The Sisterhood of the Traveling Pants is a young adult novel by Ann Brashares published in 2001. It follows the adventures of four best friends — Lena Kaligaris, Tibby Rollins, Bridget Vreeland, and Carmen Lowell, who will be spending their first summer apart when a magical pair of jeans comes into their lives, turning their summer upside down. The book was adapted into a film of the same name in 2005. Four sequels to the book have been published, The Second Summer of the Sisterhood; Girls in Pants: The Third Summer of the Sisterhood; Forever in Blue: The Fourth Summer of the Sisterhood; and Sisterhood Everlasting.

Plot summary
In the first novel of the series, the reader is introduced to four high school students: Lena Kaligaris, Tibby Rollins, Bridget Vreeland, and Carmen Lowell. They have been best friends since birth (their mothers attended prenatal exercise classes together). The summer before their junior year of high school, Carmen finds a pair of old jeans that mysteriously fits each girl perfectly, despite their different sizes. This leads them to believe that the pants are magical. They share the "traveling pants" among themselves over the summer while they are separated.

Lena spends the summer with her grandparents in Santorini. During her stay, her grandmother attempts to set her up with a man by the name of Kostos.
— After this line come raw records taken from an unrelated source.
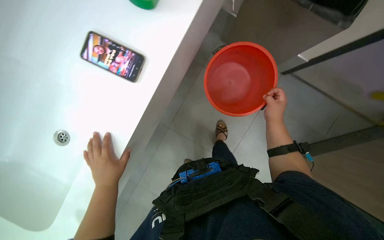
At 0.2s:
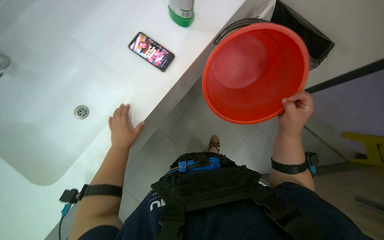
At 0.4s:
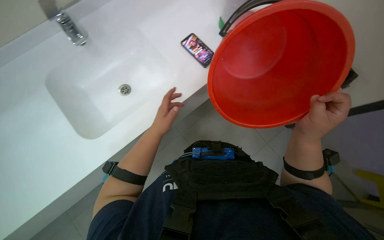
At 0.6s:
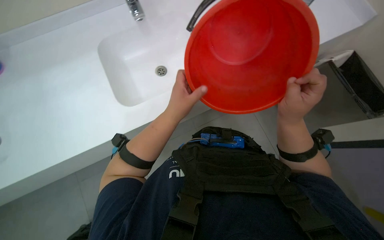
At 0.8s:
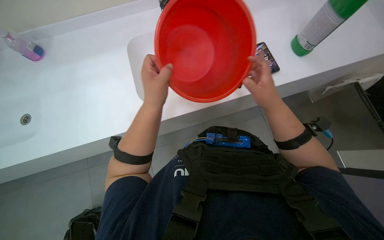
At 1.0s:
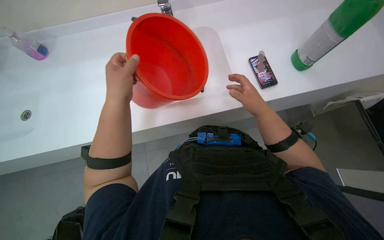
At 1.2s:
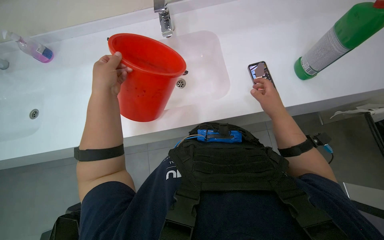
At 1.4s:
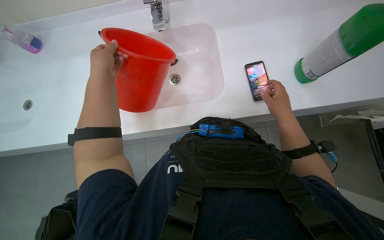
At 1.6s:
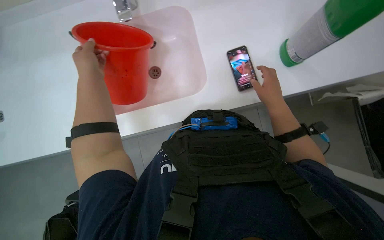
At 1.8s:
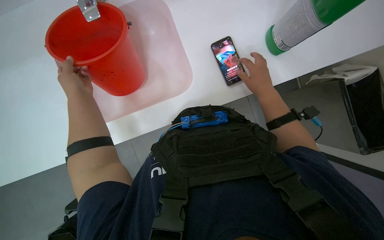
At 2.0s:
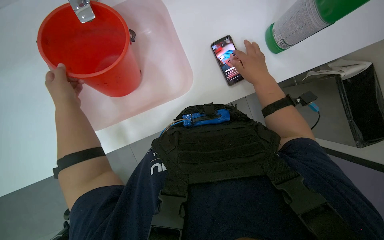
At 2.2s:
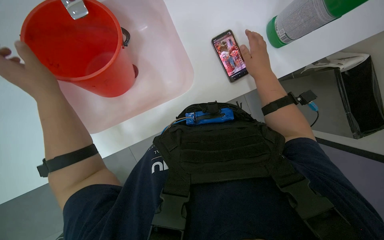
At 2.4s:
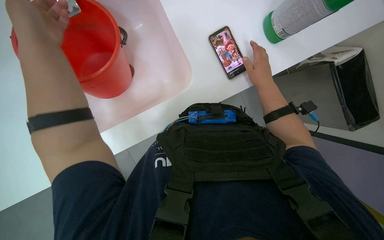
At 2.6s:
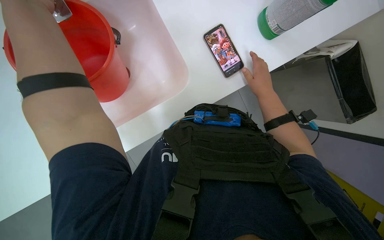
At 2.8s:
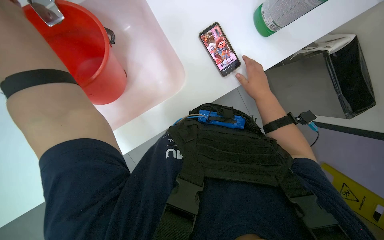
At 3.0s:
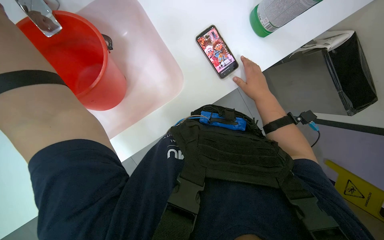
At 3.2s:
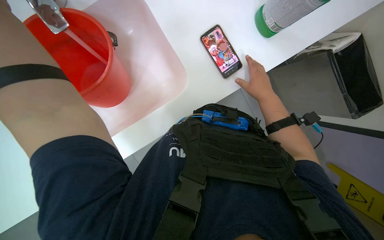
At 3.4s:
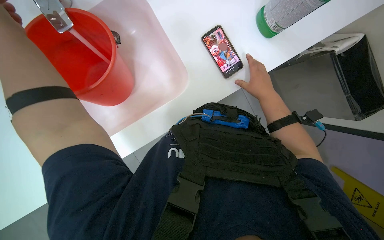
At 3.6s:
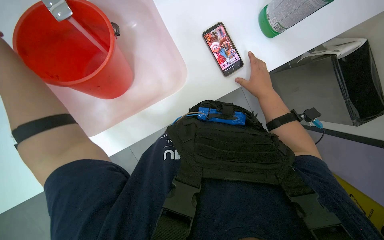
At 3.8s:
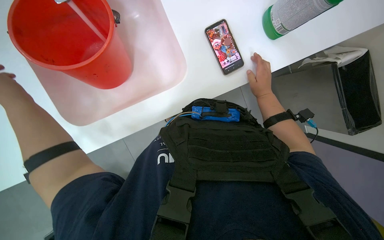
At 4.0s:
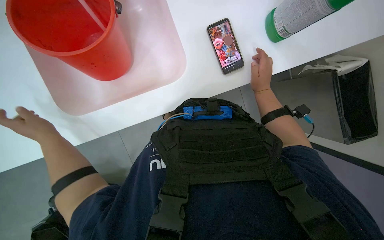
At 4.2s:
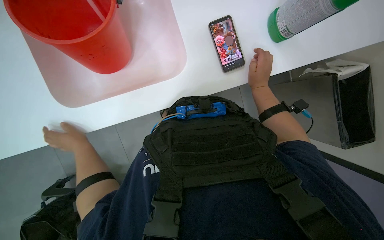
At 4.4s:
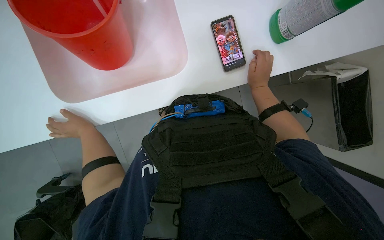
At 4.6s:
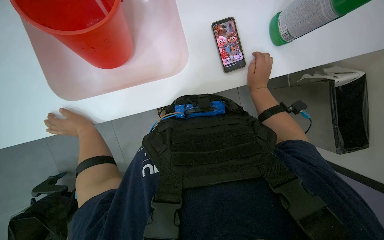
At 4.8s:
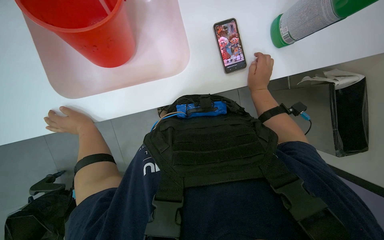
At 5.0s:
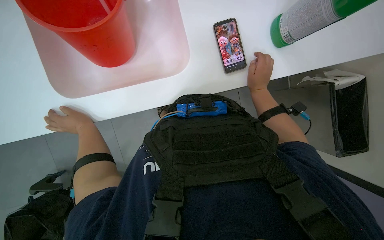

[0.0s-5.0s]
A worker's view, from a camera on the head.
Job: preparing cleaning supplies.
The whole recording: Preparing cleaning supplies and solutions. The worker organizes items on the cleaning cart, handles various bottles, sprays a cloth, and places a bucket in the sink.
0.0s to 1.6s: The right hand is displaced nearer to the camera by some 10 cm.
3.4s to 5.0s: The right hand travels farther from the camera by some 10 cm.

Kostos takes interest in Lena, who eventually returns the notion. She goes skinny-dipping and Kostos accidentally sees her. A misunderstanding leads Lena's grandparents to believe that Kostos attempted to assault Lena, causing an argument between the two families. Later in the summer, Lena explains to her grandparents what happened in order to repair the rift between her and Kostos' grandparents, and confesses to Kostos that she loves him.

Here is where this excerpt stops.